Elementary school students in Gwangju head to school on June 1. [YONHAP]

Elementary school students in Gwangju head to school on June 1. [YONHAP]

 
Education authorities in Korea are drawing up safety measures in light of recent stabbing rampages across the country, even in schools.
 
Earlier in the month, a 28-year-old man broke into a high school in Daejeon and stabbed a teacher. The man, reportedly the teacher's former student, was taken into custody the same day.
 
At a middle school in Seongnam, Gyeonggi, a student visited the teacher's office with a knife on Friday, saying he would hurt himself.
 
"Our lives are threatened at schools which should be the safest place," Cho Sung-chul, spokesperson for Korean Federation for Teachers' Associations (KFTA), said.
 
"Plans to enhance safety against those visiting schools and to eliminate dangers, such as weapons and inflammable substances, should be included in the ministry's measures to protect teachers' authority."
 
Education offices are devising safety procedures as the new semester arrives.
 
According to the Ministry of Education, 79 percent of middle schools and 72 percent of high schools in the country have begun the semester as of Friday.
 
More than half of elementary schools will start this week.
 
Police are dispatched to a high school in Daejeon on Aug. 4 after a man stabbed a 40-something-year-old teacher and fled. [KIM SEONG-TAE]

Police are dispatched to a high school in Daejeon on Aug. 4 after a man stabbed a 40-something-year-old teacher and fled. [KIM SEONG-TAE]

 
The Daejeon Metropolitan Office of Education suspended a service allowing people to find teachers through its website.
 
The assailant who stabbed his old teacher used this service to figure out the teacher's workplace.
 
The education office ran a special inspection week for school safety before schools started and inspected 322 schools under its jurisdiction.
 
Education offices in Gyeonggi and Seoul will increase safety-related personnel and take additional measures.
 
The Gyeonggi Provincial Office of Education will dispatch additional volunteers to manage visitors at schools next year.
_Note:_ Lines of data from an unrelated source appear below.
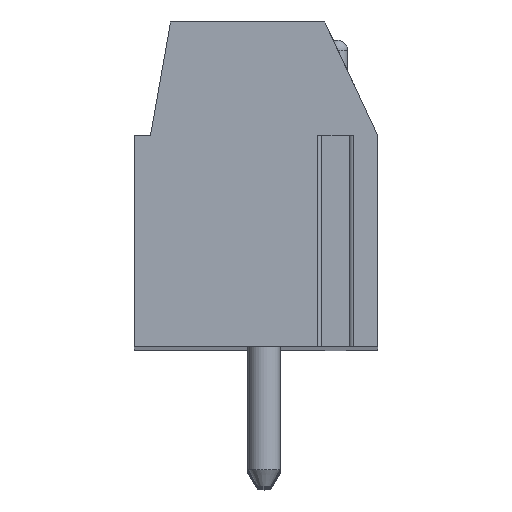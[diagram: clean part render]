
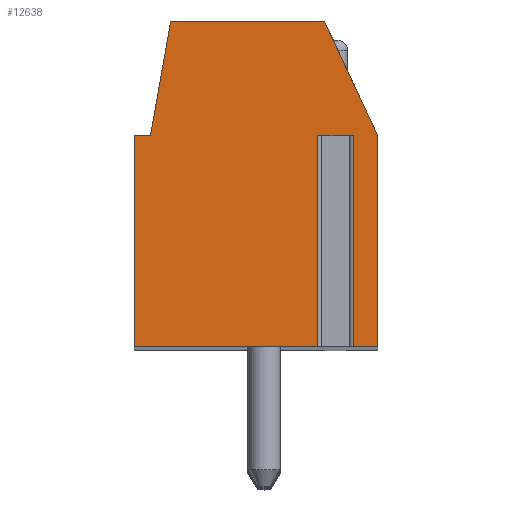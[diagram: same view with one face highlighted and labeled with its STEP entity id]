
A CAD part, top view. The second image highlights one B-rep face of the part: STEP entity #12638.
In plain terms, the highlighted planar face has unit normal (0, 0, 1).
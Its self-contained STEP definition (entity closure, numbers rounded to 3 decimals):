
#13=DIRECTION('',(-1.,0.,0.));
#14=VECTOR('',#13,1.097);
#15=CARTESIAN_POINT('',(2.998,1.5,63.5));
#16=LINE('',#15,#14);
#17=DIRECTION('',(0.,-1.,0.));
#18=VECTOR('',#17,6.5);
#19=CARTESIAN_POINT('',(1.902,1.5,63.5));
#20=LINE('',#19,#18);
#21=DIRECTION('',(1.,0.,0.));
#22=VECTOR('',#21,5.652);
#23=CARTESIAN_POINT('',(-3.75,-5.,63.5));
#24=LINE('',#23,#22);
#25=DIRECTION('',(0.,-1.,0.));
#26=VECTOR('',#25,6.5);
#27=CARTESIAN_POINT('',(-3.75,1.5,63.5));
#28=LINE('',#27,#26);
#29=DIRECTION('',(-1.,0.,0.));
#30=VECTOR('',#29,0.5);
#31=CARTESIAN_POINT('',(-3.25,1.5,63.5));
#32=LINE('',#31,#30);
#33=DIRECTION('',(-0.174,-0.985,0.));
#34=VECTOR('',#33,3.554);
#35=CARTESIAN_POINT('',(-2.633,5.,63.5));
#36=LINE('',#35,#34);
#37=DIRECTION('',(-1.,0.,0.));
#38=VECTOR('',#37,4.751);
#39=CARTESIAN_POINT('',(2.118,5.,63.5));
#40=LINE('',#39,#38);
#41=DIRECTION('',(-0.423,0.906,0.));
#42=VECTOR('',#41,3.862);
#43=CARTESIAN_POINT('',(3.75,1.5,63.5));
#44=LINE('',#43,#42);
#45=DIRECTION('',(0.,1.,0.));
#46=VECTOR('',#45,6.5);
#47=CARTESIAN_POINT('',(3.75,-5.,63.5));
#48=LINE('',#47,#46);
#49=DIRECTION('',(1.,0.,0.));
#50=VECTOR('',#49,0.752);
#51=CARTESIAN_POINT('',(2.998,-5.,63.5));
#52=LINE('',#51,#50);
#53=DIRECTION('',(0.,-1.,0.));
#54=VECTOR('',#53,6.5);
#55=CARTESIAN_POINT('',(2.998,1.5,63.5));
#56=LINE('',#55,#54);
#10027=CARTESIAN_POINT('',(-2.633,5.,63.5));
#10028=CARTESIAN_POINT('',(-3.25,1.5,63.5));
#10029=VERTEX_POINT('',#10027);
#10030=VERTEX_POINT('',#10028);
#10031=CARTESIAN_POINT('',(-3.75,1.5,63.5));
#10032=VERTEX_POINT('',#10031);
#10033=CARTESIAN_POINT('',(-3.75,-5.,63.5));
#10034=VERTEX_POINT('',#10033);
#10035=CARTESIAN_POINT('',(3.75,-5.,63.5));
#10036=CARTESIAN_POINT('',(3.75,1.5,63.5));
#10037=VERTEX_POINT('',#10035);
#10038=VERTEX_POINT('',#10036);
#10039=CARTESIAN_POINT('',(2.118,5.,63.5));
#10040=VERTEX_POINT('',#10039);
#10099=CARTESIAN_POINT('',(2.998,1.5,63.5));
#10100=CARTESIAN_POINT('',(1.902,1.5,63.5));
#10101=VERTEX_POINT('',#10099);
#10102=VERTEX_POINT('',#10100);
#10103=CARTESIAN_POINT('',(1.902,-5.,63.5));
#10104=VERTEX_POINT('',#10103);
#10105=CARTESIAN_POINT('',(2.998,-5.,63.5));
#10106=VERTEX_POINT('',#10105);
#12609=CARTESIAN_POINT('',(0.,0.,63.5));
#12610=DIRECTION('',(0.,0.,1.));
#12611=DIRECTION('',(1.,0.,0.));
#12612=AXIS2_PLACEMENT_3D('',#12609,#12610,#12611);
#12613=PLANE('',#12612);
#12615=ORIENTED_EDGE('',*,*,#12614,.T.);
#12617=ORIENTED_EDGE('',*,*,#12616,.T.);
#12619=ORIENTED_EDGE('',*,*,#12618,.F.);
#12621=ORIENTED_EDGE('',*,*,#12620,.F.);
#12623=ORIENTED_EDGE('',*,*,#12622,.F.);
#12625=ORIENTED_EDGE('',*,*,#12624,.F.);
#12627=ORIENTED_EDGE('',*,*,#12626,.F.);
#12629=ORIENTED_EDGE('',*,*,#12628,.F.);
#12631=ORIENTED_EDGE('',*,*,#12630,.F.);
#12633=ORIENTED_EDGE('',*,*,#12632,.F.);
#12635=ORIENTED_EDGE('',*,*,#12634,.F.);
#12636=EDGE_LOOP('',(#12615,#12617,#12619,#12621,#12623,#12625,#12627,#12629,
#12631,#12633,#12635));
#12637=FACE_OUTER_BOUND('',#12636,.F.);
#12614=EDGE_CURVE('',#10101,#10102,#16,.T.);
#12616=EDGE_CURVE('',#10102,#10104,#20,.T.);
#12618=EDGE_CURVE('',#10034,#10104,#24,.T.);
#12620=EDGE_CURVE('',#10032,#10034,#28,.T.);
#12622=EDGE_CURVE('',#10030,#10032,#32,.T.);
#12624=EDGE_CURVE('',#10029,#10030,#36,.T.);
#12626=EDGE_CURVE('',#10040,#10029,#40,.T.);
#12628=EDGE_CURVE('',#10038,#10040,#44,.T.);
#12630=EDGE_CURVE('',#10037,#10038,#48,.T.);
#12632=EDGE_CURVE('',#10106,#10037,#52,.T.);
#12634=EDGE_CURVE('',#10101,#10106,#56,.T.);
#12638=ADVANCED_FACE('',(#12637),#12613,.T.);

Two people are sent to each school at the moment.
 
The Seoul Metropolitan Office of Education also decided to work with district offices to place so-called "school managers" at schools who will be in charge of checking the identities of visitors and inspecting school facilities.
 
Other education offices, including in Gangwon and Busan, advised school staff to abide by the Education Ministry's guidelines for letting visitors enter schools, such as checking their identities and giving them visitor passes.
 
The Gangwon Provincial Office of Education said it will "enhance security systems such as surveillance cameras and emergency alarms."
 
Meanwhile, teachers are requesting to shut down schools during non-office hours and station trained security personnel to the site.
 
Some also say schools should check students' personal belongings.
 
The KFTA called for safety measures in classrooms, saying that people only know of someone possessing dangerous weapons only after an incident takes place.
 
The Education Ministry plans to allow teachers to inspect suspected dangerous objects and confiscate them through its new class policies set to go into effect next month.